= WORK ORDER =
Copy the data that follows, character for character, minus the pictures.

Collection entries
==================================================

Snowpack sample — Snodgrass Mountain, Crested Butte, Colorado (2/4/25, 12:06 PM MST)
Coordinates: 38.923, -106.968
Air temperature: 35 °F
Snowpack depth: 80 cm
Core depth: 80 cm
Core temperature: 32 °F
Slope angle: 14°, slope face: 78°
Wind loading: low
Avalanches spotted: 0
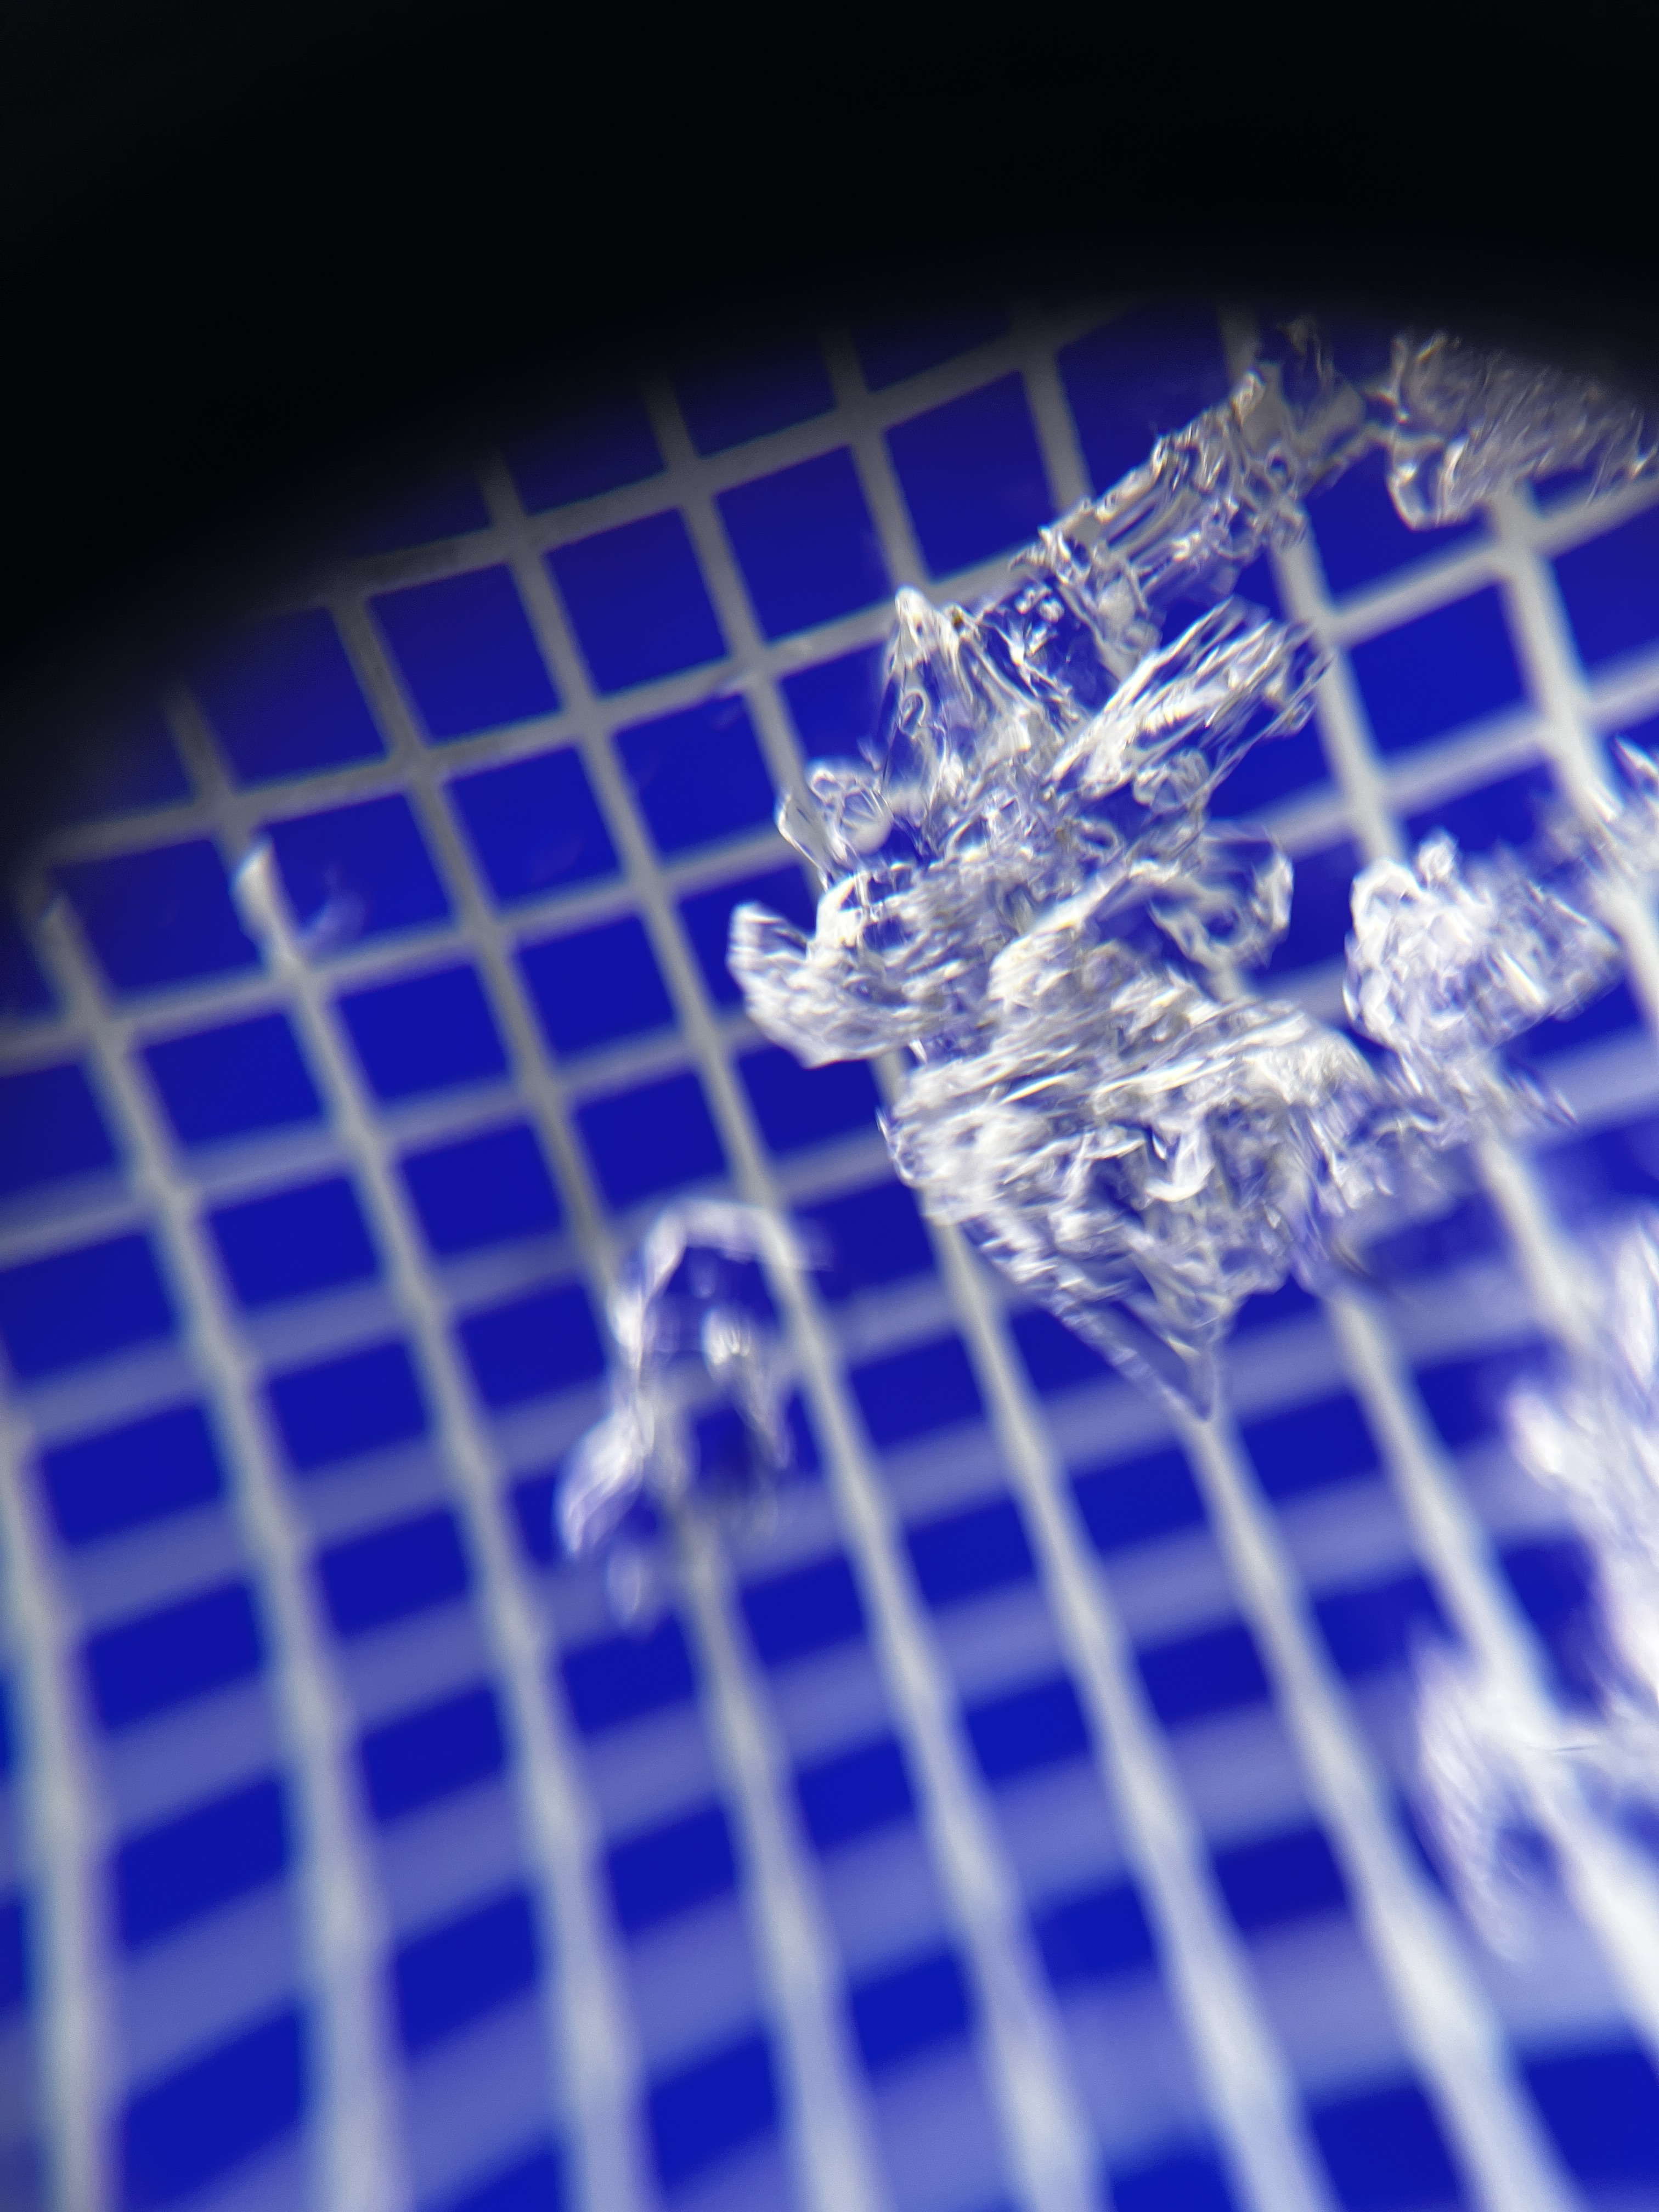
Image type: magnified_profile
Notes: No avalanches nearby, unusually warm weather for the last month reported by residents, Collected 25 yards from treeline

==================================================

= ANSWER BOX =
Snowpack sample — Snodgrass Mountain, Crested Butte, Colorado (2/4/25, 12:06 PM MST)
Coordinates: 38.923, -106.968
Air temperature: 35 °F
Snowpack depth: 80 cm
Core depth: 80 cm
Core temperature: 32 °F
Slope angle: 14°, slope face: 78°
Wind loading: low
Avalanches spotted: 0
Image type: magnified_profile
Notes: No avalanches nearby, unusually warm weather for the last month reported by residents, Collected 25 yards from treeline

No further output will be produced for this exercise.